1b: ¹H NMR (600 MHz, CDCl₃) δ 8.83 (d, J = 4.6 Hz, 1H), 7.99 (d, J = 9.2 Hz, 1H), 7.70 (d, J =4.6 Hz, 1H), 7.60 (s, 1H), 7.36 (d, J = 2.6 Hz, 1H), 7.31 (s, 1H), 7.30 (dd, J = 9.2, 2.6 Hz), 6.45 (d, J = 11.3 Hz, 1H), 5.89 (ddd, J = 17.3, 10.4, 7.3 Hz, 1H), 5.07 (dt, J = 17.3, 1.3 Hz, 1H), 5.05 (dt, J = 10.4, 1.4 Hz, 1H), 3.88 (s, 3H), 3.95–3.83 (m, 1H), 3.16 (dd, J = 13.6, 10.0 Hz, 1H), 2.93–2.84 (m, 2H), 2.66–2.60 (m, 1H), 2.35–2.29 (m, 1H), 1.85–1.82 (m, 1H), 1.77–1.72 (m, 1H), 1.57–1.52 (m, 2H), 1.37–1.33 (m, 1H) ppm; ¹³C NMR (151 MHz, CDCl₃) δ 158.6, 147.6, 145.1, 141.7, 139.6, 134.6, 132.1, 128.0, 122.25, 122.20, 119.9, 114.9, 100.4, 61.4, 57.4, 56.0, 55.8, 41.5, 39.5, 27.7, 27.2, 25.2 ppm; HRMS–ESI–TOF (m/z): [M + H]⁺ calcd for C₂₂H₂₆N₅O, 376.2132; found, 376.2141.
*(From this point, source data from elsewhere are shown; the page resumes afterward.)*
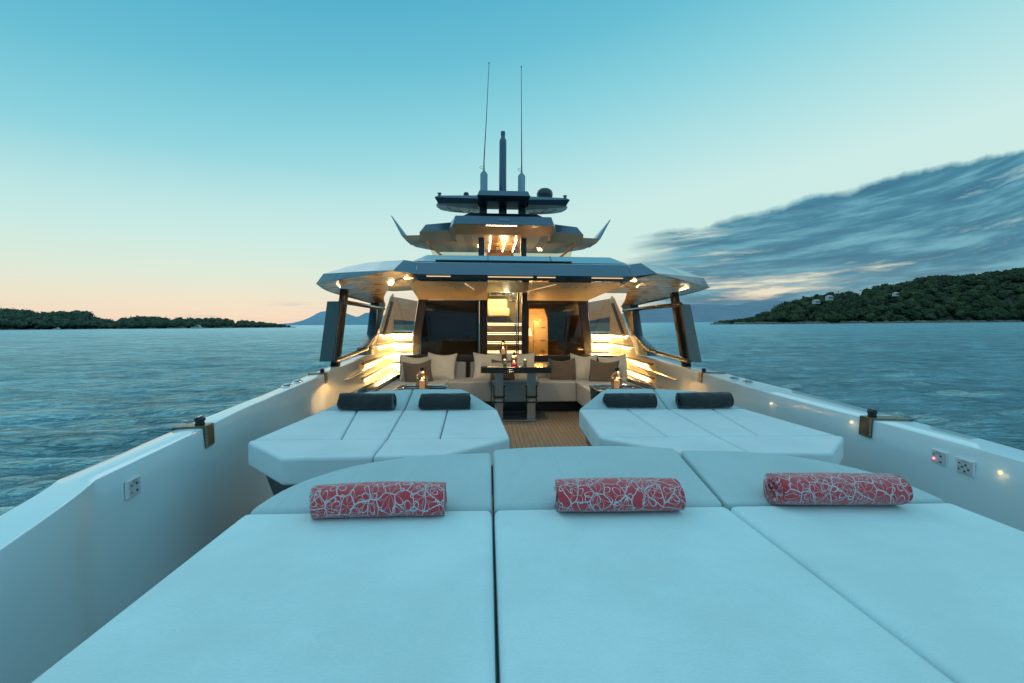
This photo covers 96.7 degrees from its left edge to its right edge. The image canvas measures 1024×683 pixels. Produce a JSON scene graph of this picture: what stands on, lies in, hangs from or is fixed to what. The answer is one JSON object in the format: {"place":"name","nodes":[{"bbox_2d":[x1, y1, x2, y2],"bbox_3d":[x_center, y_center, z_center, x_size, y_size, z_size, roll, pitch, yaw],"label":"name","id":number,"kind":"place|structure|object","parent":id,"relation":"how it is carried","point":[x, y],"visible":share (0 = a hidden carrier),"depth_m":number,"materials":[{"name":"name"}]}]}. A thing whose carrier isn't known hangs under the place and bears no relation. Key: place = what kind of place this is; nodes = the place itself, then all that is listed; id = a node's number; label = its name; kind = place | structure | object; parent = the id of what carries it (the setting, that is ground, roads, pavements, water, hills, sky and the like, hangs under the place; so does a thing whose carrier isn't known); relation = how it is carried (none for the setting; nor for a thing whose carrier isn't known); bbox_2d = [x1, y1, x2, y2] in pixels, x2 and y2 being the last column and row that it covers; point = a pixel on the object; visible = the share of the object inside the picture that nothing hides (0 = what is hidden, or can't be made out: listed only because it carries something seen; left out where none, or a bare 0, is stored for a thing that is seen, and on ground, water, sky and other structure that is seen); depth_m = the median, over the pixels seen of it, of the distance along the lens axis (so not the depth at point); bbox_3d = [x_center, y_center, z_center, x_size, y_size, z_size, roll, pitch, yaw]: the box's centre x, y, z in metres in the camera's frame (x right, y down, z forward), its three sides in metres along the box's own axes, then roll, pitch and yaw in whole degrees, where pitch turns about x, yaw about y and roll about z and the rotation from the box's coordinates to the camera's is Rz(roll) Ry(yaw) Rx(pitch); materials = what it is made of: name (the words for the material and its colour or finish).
{"place":"outdoors","nodes":[
{"label":"outdoors","id":0,"kind":"place"},
{"bbox_2d":[0,325,287,329],"bbox_3d":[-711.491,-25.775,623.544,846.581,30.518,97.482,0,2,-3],"label":"island","id":1,"kind":"structure","parent":0,"point":[33,328],"depth_m":598.55,"materials":[{"name":"green plant"}]},
{"bbox_2d":[0,327,278,329],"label":"island rocks","id":2,"kind":"object","parent":1,"relation":"on","point":[155,328],"visible":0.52,"depth_m":591.91,"materials":[{"name":"grey stone"}]},
{"bbox_2d":[0,308,289,328],"bbox_3d":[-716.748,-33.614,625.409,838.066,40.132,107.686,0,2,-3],"label":"island woodland","id":3,"kind":"object","parent":1,"relation":"on","point":[27,318],"visible":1,"depth_m":604.05,"materials":[{"name":"green plant"}]},
{"bbox_2d":[280,311,414,324],"bbox_3d":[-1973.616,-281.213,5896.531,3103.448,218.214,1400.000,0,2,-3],"label":"mountain","id":4,"kind":"structure","parent":0,"point":[319,319],"depth_m":5399.05,"materials":[{"name":"blue"}]},
{"bbox_2d":[0,322,1023,515],"bbox_3d":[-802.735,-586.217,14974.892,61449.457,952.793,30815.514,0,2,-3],"label":"water","id":5,"kind":"structure","parent":0,"point":[72,401],"depth_m":28.97,"materials":[{"name":"blue liquid"}]},
{"bbox_2d":[191,325,203,328],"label":"motor boat","id":6,"kind":"object","parent":5,"relation":"on","point":[198,327],"visible":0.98,"depth_m":539.24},
{"bbox_2d":[0,62,1023,682],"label":"yacht","id":7,"kind":"object","parent":5,"relation":"on","point":[88,552],"visible":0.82,"depth_m":3.49,"materials":[{"name":"white paint"}]},
{"bbox_2d":[125,475,140,499],"bbox_3d":[-1.488,0.572,1.790,0.014,0.070,0.085,0,2,-11],"label":"control panel","id":8,"kind":"object","parent":7,"relation":"attached to","point":[132,487],"visible":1,"depth_m":1.78,"materials":[{"name":"white plastic"}]},
{"bbox_2d":[171,415,214,447],"bbox_3d":[-1.693,0.480,2.422,0.167,0.166,0.105,0,2,-12],"label":"bulwark saddle","id":9,"kind":"object","parent":7,"relation":"attached to","point":[208,432],"visible":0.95,"depth_m":2.40,"materials":[{"name":"silver metal"}]},
{"bbox_2d":[281,383,292,386],"bbox_3d":[-1.995,0.384,4.035,0.083,0.023,0.156,0,2,-3],"label":"deck fitting","id":10,"kind":"object","parent":7,"relation":"on","point":[287,385],"visible":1,"depth_m":4.00,"materials":[{"name":"metal"}]},
{"bbox_2d":[292,379,302,382],"bbox_3d":[-2.041,0.373,4.333,0.083,0.023,0.156,0,2,-3],"label":"deck fitting","id":11,"kind":"object","parent":7,"relation":"on","point":[297,380],"visible":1,"depth_m":4.29,"materials":[{"name":"metal"}]},
{"bbox_2d":[308,368,327,383],"bbox_3d":[-2.151,0.384,5.052,0.189,0.166,0.105,0,2,-9],"label":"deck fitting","id":12,"kind":"object","parent":7,"relation":"attached to","point":[322,370],"visible":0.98,"depth_m":5.03,"materials":[{"name":"silver metal"}]},
{"bbox_2d":[332,299,384,362],"bbox_3d":[-2.397,-0.208,7.421,0.064,0.834,3.522,0,2,-6],"label":"window frame","id":13,"kind":"structure","parent":7,"relation":"in","point":[336,359],"depth_m":6.02,"materials":[{"name":"brown metal"}]},
{"bbox_2d":[248,389,509,494],"bbox_3d":[-0.696,0.782,2.768,1.326,0.800,1.454,0,2,-3],"label":"sun lounge","id":14,"kind":"object","parent":7,"relation":"on","point":[331,439],"visible":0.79,"depth_m":2.39,"materials":[{"name":"fabric"}]},
{"bbox_2d":[337,393,396,409],"bbox_3d":[-1.007,0.417,3.160,0.389,0.122,0.126,0,2,-1],"label":"bolster pillow","id":15,"kind":"object","parent":14,"relation":"on","point":[367,401],"visible":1,"depth_m":3.11,"materials":[{"name":"black fabric"}]},
{"bbox_2d":[418,393,470,409],"bbox_3d":[-0.471,0.422,3.206,0.361,0.115,0.122,0,2,-5],"label":"bolster pillow","id":16,"kind":"object","parent":14,"relation":"on","point":[431,401],"visible":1,"depth_m":3.16,"materials":[{"name":"black fabric"}]},
{"bbox_2d":[394,385,448,392],"bbox_3d":[-0.967,0.800,4.907,0.556,0.610,0.496,0,2,-3],"label":"side table","id":17,"kind":"object","parent":7,"relation":"on","point":[411,387],"visible":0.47,"depth_m":5.03,"materials":[{"name":"glass"}]},
{"bbox_2d":[416,367,427,388],"bbox_3d":[-0.963,0.392,4.872,0.130,0.241,0.130,0,2,-3],"label":"lantern","id":18,"kind":"object","parent":17,"relation":"on","point":[423,384],"visible":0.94,"depth_m":4.87,"materials":[{"name":"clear glass"}]},
{"bbox_2d":[421,300,478,353],"bbox_3d":[-1.454,-0.185,10.597,1.370,1.570,0.080,0,2,-3],"label":"cabin window","id":19,"kind":"structure","parent":7,"relation":"in","point":[449,326],"depth_m":10.58,"materials":[{"name":"black glass"}]},
{"bbox_2d":[351,354,672,410],"bbox_3d":[0.013,0.656,6.447,3.880,0.800,2.220,0,2,-3],"label":"sofa","id":20,"kind":"object","parent":7,"relation":"on","point":[563,395],"visible":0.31,"depth_m":6.68,"materials":[{"name":"fabric"}]},
{"bbox_2d":[400,354,427,379],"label":"pillow","id":21,"kind":"object","parent":20,"relation":"on","point":[403,358],"visible":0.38,"depth_m":6.86,"materials":[{"name":"beige fabric"}]},
{"bbox_2d":[403,359,433,381],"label":"pillow","id":22,"kind":"object","parent":20,"relation":"on","point":[411,370],"visible":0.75,"depth_m":6.62,"materials":[{"name":"brown fabric"}]},
{"bbox_2d":[428,352,456,379],"bbox_3d":[-1.086,0.387,6.990,0.470,0.435,0.159,2,-10,-5],"label":"pillow","id":23,"kind":"object","parent":20,"relation":"on","point":[442,367],"visible":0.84,"depth_m":6.93,"materials":[{"name":"beige fabric"}]},
{"bbox_2d":[473,352,501,378],"bbox_3d":[-0.382,0.388,7.058,0.454,0.436,0.156,1,-10,-3],"label":"pillow","id":24,"kind":"object","parent":20,"relation":"on","point":[479,359],"visible":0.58,"depth_m":7.01,"materials":[{"name":"beige fabric"}]},
{"bbox_2d":[490,359,514,381],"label":"pillow","id":25,"kind":"object","parent":20,"relation":"on","point":[508,376],"visible":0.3,"depth_m":6.89,"materials":[{"name":"brown fabric"}]},
{"bbox_2d":[506,352,536,378],"bbox_3d":[0.150,0.389,7.106,0.468,0.437,0.155,-2,-10,1],"label":"pillow","id":26,"kind":"object","parent":20,"relation":"on","point":[529,357],"visible":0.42,"depth_m":7.07,"materials":[{"name":"beige fabric"}]},
{"bbox_2d":[548,358,575,379],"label":"pillow","id":27,"kind":"object","parent":20,"relation":"on","point":[563,370],"visible":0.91,"depth_m":6.96,"materials":[{"name":"brown fabric"}]},
{"bbox_2d":[570,353,596,378],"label":"pillow","id":28,"kind":"object","parent":20,"relation":"on","point":[582,367],"visible":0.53,"depth_m":7.07,"materials":[{"name":"beige fabric"}]},
{"bbox_2d":[589,359,619,381],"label":"pillow","id":29,"kind":"object","parent":20,"relation":"on","point":[601,371],"visible":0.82,"depth_m":6.79,"materials":[{"name":"brown fabric"}]},
{"bbox_2d":[598,354,626,380],"bbox_3d":[1.560,0.424,7.064,0.449,0.436,0.158,-7,-15,21],"label":"pillow","id":30,"kind":"object","parent":20,"relation":"on","point":[622,366],"visible":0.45,"depth_m":6.99,"materials":[{"name":"beige fabric"}]},
{"bbox_2d":[481,363,551,420],"bbox_3d":[0.034,0.689,6.330,0.930,0.733,0.780,0,2,-3],"label":"dining table","id":31,"kind":"object","parent":7,"relation":"on","point":[531,370],"visible":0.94,"depth_m":6.14,"materials":[{"name":"black paint"}]},
{"bbox_2d":[499,340,506,354],"bbox_3d":[-0.143,0.095,7.431,0.133,0.246,0.133,0,2,-3],"label":"lantern","id":32,"kind":"object","parent":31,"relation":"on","point":[503,351],"visible":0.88,"depth_m":7.42,"materials":[{"name":"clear glass"}]},
{"bbox_2d":[511,353,517,364],"bbox_3d":[0.030,0.237,6.243,0.094,0.174,0.094,0,2,-3],"label":"lantern","id":33,"kind":"object","parent":31,"relation":"on","point":[515,362],"visible":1,"depth_m":6.27,"materials":[{"name":"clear glass"}]},
{"bbox_2d":[515,293,519,353],"bbox_3d":[-0.194,-0.318,10.600,0.746,2.350,0.120,0,2,-3],"label":"glass door","id":34,"kind":"structure","parent":7,"relation":"in","point":[517,330],"depth_m":10.61,"materials":[{"name":"glass"}]},
{"bbox_2d":[32,446,1023,682],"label":"bow sunpad","id":35,"kind":"object","parent":7,"relation":"on","point":[729,573],"visible":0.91,"depth_m":0.90,"materials":[{"name":"fabric"}]},
{"bbox_2d":[309,481,446,518],"bbox_3d":[-0.367,0.436,1.264,0.368,0.089,0.119,0,2,-5],"label":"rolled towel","id":36,"kind":"object","parent":35,"relation":"on","point":[384,499],"visible":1,"depth_m":1.22,"materials":[{"name":"red fabric"}]},
{"bbox_2d":[554,478,685,511],"bbox_3d":[0.301,0.439,1.302,0.362,0.090,0.124,0,2,-3],"label":"rolled towel","id":37,"kind":"object","parent":35,"relation":"on","point":[613,494],"visible":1,"depth_m":1.25,"materials":[{"name":"red fabric"}]},
{"bbox_2d":[763,472,912,505],"bbox_3d":[0.951,0.439,1.350,0.379,0.093,0.125,0,2,0],"label":"rolled towel","id":38,"kind":"object","parent":35,"relation":"on","point":[854,489],"visible":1,"depth_m":1.30,"materials":[{"name":"red fabric"}]},
{"bbox_2d":[529,301,583,352],"bbox_3d":[1.002,-0.026,10.730,1.430,1.870,0.090,0,2,-3],"label":"cabin window","id":39,"kind":"structure","parent":7,"relation":"in","point":[530,302],"depth_m":10.67,"materials":[{"name":"black glass"}]},
{"bbox_2d":[589,384,643,399],"bbox_3d":[1.150,0.808,5.021,0.556,0.610,0.496,0,2,-3],"label":"side table","id":40,"kind":"object","parent":7,"relation":"on","point":[596,390],"visible":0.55,"depth_m":5.11,"materials":[{"name":"glass"}]},
{"bbox_2d":[610,367,622,388],"bbox_3d":[1.149,0.400,4.986,0.130,0.241,0.129,0,2,-21],"label":"lantern","id":41,"kind":"object","parent":40,"relation":"on","point":[616,383],"visible":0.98,"depth_m":4.98,"materials":[{"name":"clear glass"}]},
{"bbox_2d":[622,302,690,362],"bbox_3d":[2.310,-0.191,7.674,0.064,0.834,3.522,0,2,0],"label":"window frame","id":42,"kind":"structure","parent":7,"relation":"in","point":[679,304],"depth_m":6.46,"materials":[{"name":"brown metal"}]},
{"bbox_2d":[579,389,843,463],"bbox_3d":[1.111,0.788,2.865,1.326,0.800,1.454,0,2,-3],"label":"sun lounge","id":43,"kind":"object","parent":7,"relation":"on","point":[666,422],"visible":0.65,"depth_m":2.61,"materials":[{"name":"fabric"}]},
{"bbox_2d":[602,393,656,407],"bbox_3d":[0.856,0.429,3.300,0.382,0.109,0.117,0,2,-2],"label":"bolster pillow","id":44,"kind":"object","parent":43,"relation":"on","point":[629,400],"visible":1,"depth_m":3.25,"materials":[{"name":"black fabric"}]},
{"bbox_2d":[675,392,733,407],"bbox_3d":[1.396,0.428,3.316,0.406,0.116,0.142,0,2,-6],"label":"bolster pillow","id":45,"kind":"object","parent":43,"relation":"on","point":[705,400],"visible":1,"depth_m":3.26,"materials":[{"name":"black fabric"}]},
{"bbox_2d":[698,368,725,381],"bbox_3d":[2.364,0.398,5.386,0.279,0.166,0.105,0,2,5],"label":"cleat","id":46,"kind":"object","parent":7,"relation":"attached to","point":[700,375],"visible":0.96,"depth_m":5.37,"materials":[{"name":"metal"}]},
{"bbox_2d":[858,408,913,437],"bbox_3d":[2.239,0.491,2.729,0.244,0.166,0.105,0,2,5],"label":"bulwark saddle","id":47,"kind":"object","parent":7,"relation":"attached to","point":[865,424],"visible":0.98,"depth_m":2.72,"materials":[{"name":"silver metal"}]},
{"bbox_2d":[930,448,948,466],"bbox_3d":[2.118,0.576,2.259,0.014,0.070,0.092,0,2,3],"label":"control panel","id":48,"kind":"object","parent":7,"relation":"attached to","point":[939,457],"visible":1,"depth_m":2.25,"materials":[{"name":"white plastic"}]},
{"bbox_2d":[955,457,975,476],"bbox_3d":[2.111,0.585,2.124,0.014,0.070,0.092,0,2,3],"label":"control panel","id":49,"kind":"object","parent":7,"relation":"attached to","point":[964,466],"visible":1,"depth_m":2.12,"materials":[{"name":"white plastic"}]},
{"bbox_2d":[0,0,1023,323],"label":"sky","id":50,"kind":"structure","parent":0,"point":[171,159],"materials":[{"name":"blue"}]},
{"bbox_2d":[589,300,789,322],"bbox_3d":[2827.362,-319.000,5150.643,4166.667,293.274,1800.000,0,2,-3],"label":"mountain","id":51,"kind":"structure","parent":0,"point":[707,313],"depth_m":4644.79,"materials":[{"name":"blue"}]},
{"bbox_2d":[711,280,1023,323],"bbox_3d":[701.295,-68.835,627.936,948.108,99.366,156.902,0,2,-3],"label":"hill","id":52,"kind":"structure","parent":0,"point":[1006,300],"depth_m":557.95,"materials":[{"name":"green plant"}]},
{"bbox_2d":[812,300,820,303],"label":"villa","id":53,"kind":"object","parent":52,"relation":"on","point":[815,301],"visible":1,"depth_m":564.83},
{"bbox_2d":[825,295,832,300],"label":"villa","id":54,"kind":"object","parent":52,"relation":"on","point":[828,297],"visible":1,"depth_m":571.72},
{"bbox_2d":[713,267,1023,323],"bbox_3d":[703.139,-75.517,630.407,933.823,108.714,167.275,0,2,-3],"label":"hillside woodland","id":55,"kind":"object","parent":52,"relation":"on","point":[988,291],"visible":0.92,"depth_m":578.09,"materials":[{"name":"green plant"}]},
{"bbox_2d":[714,320,1022,323],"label":"shore rocks","id":56,"kind":"object","parent":52,"relation":"on","point":[897,321],"visible":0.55,"depth_m":537.98,"materials":[{"name":"grey stone"}]}
]}

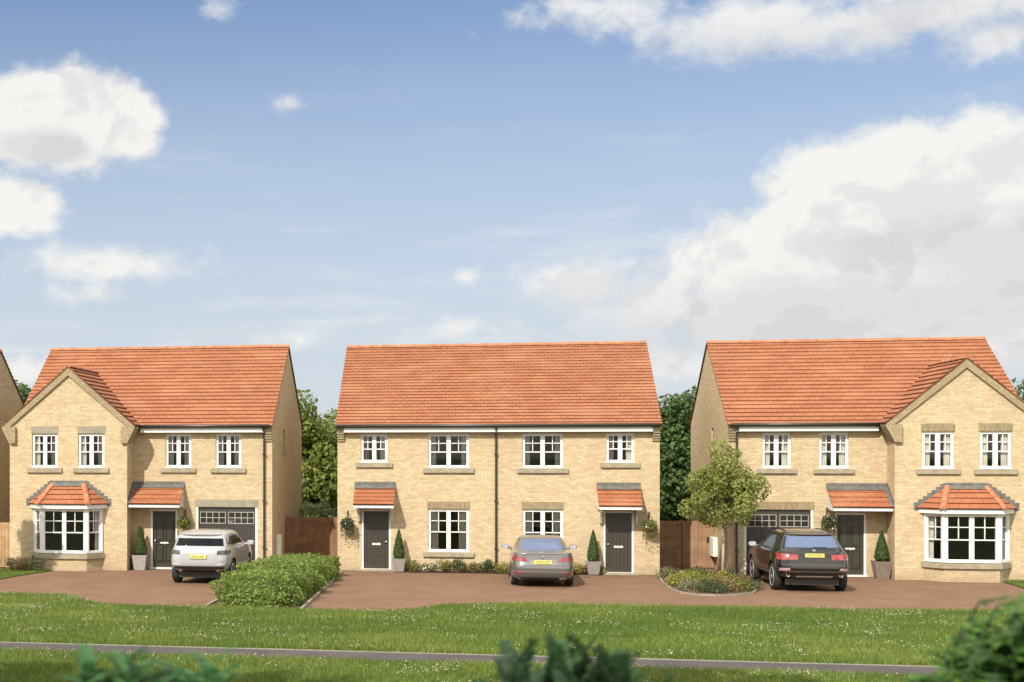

9R-Phenyl-9-deoxyquinine (2b): Under inert gas (Ar), a sodium hydride dispersion (60% in mineral oil, 195 mg, 4.9 mmol, 5 equiv) was dissolved in DMSO (9 mL) over 1.5 h at 65 °C and cooled to room temperature. Then a solution of 9S-deoxy-9-phenylquinine (2a, 395 mg, 1.03 mmol) in DMSO (1.8 mL) was added and the mixture stirred for 25 min. Then ice was added and the mixture diluted with Et₂O (20 mL), and washed with brine (5 × 25 mL), dried over Na₂SO₄ and evaporated to give 322 mg of a 2a:2b mixture, 38:62 by ¹H NMR integration. Careful separation by chromatography (AcOEt/MTBE/MeOH, 10:10:1) gave 45 mg of pure 2b (11%) as an off-white amorphous solid, the remaining 2b was received in a mixture with 2a. ¹H NMR (300 MHz, CDCl₃) δ 8.80 (d, J = 4.6 Hz, 1H), 7.96 (d, J = 9.2 Hz, 1H), 7.57 (d, J = 4.6 Hz, 1H), 7.42 (d, J = 2.6 Hz, 1H), 7.34 (d, J = 8.2 Hz, 2H), 7.27 (dd, J = 9.2, 2.6 Hz, 1H), 7.24 (t, J = 8.0 Hz, 2H), 7.13 (tt, J = 7.6, 1.3 Hz, 1H), 5.92 (ddd, J = 17.4, 10.2, 7.4 Hz,1H), 5.09–5.00 (m, 2H), 4.63 (d, J = 11.3 Hz, 1H), 3.90 (s, 3H), 3.73–3.63 (m, 1H), 3.19 (dd, J = 13.7, 9.9 Hz, 1H), 2.99–2.89 (m, 1H), 2.80–2.88 (m, 1H), 2.61–2.50 (m, 1H), 2.33–2.22 (m, 1H), 1.79–1.76 (m, 1H), 1.72–1.43 (m, 4H), 1.29–1.21 (m, 1H) ppm; ¹³C NMR (75.5 MHz, CDCl₃) δ 157.5, 147.8, 146.9, 144.9, 142.1, 140.7, 131.9, 129.0, 128.6, 128.4, 126.9, 120.5, 119.7, 114.7, 102.0, 58.3, 56.2, 55.5, 50.2, 41.0, 39.8, 28.1, 28.0, 27.9 ppm.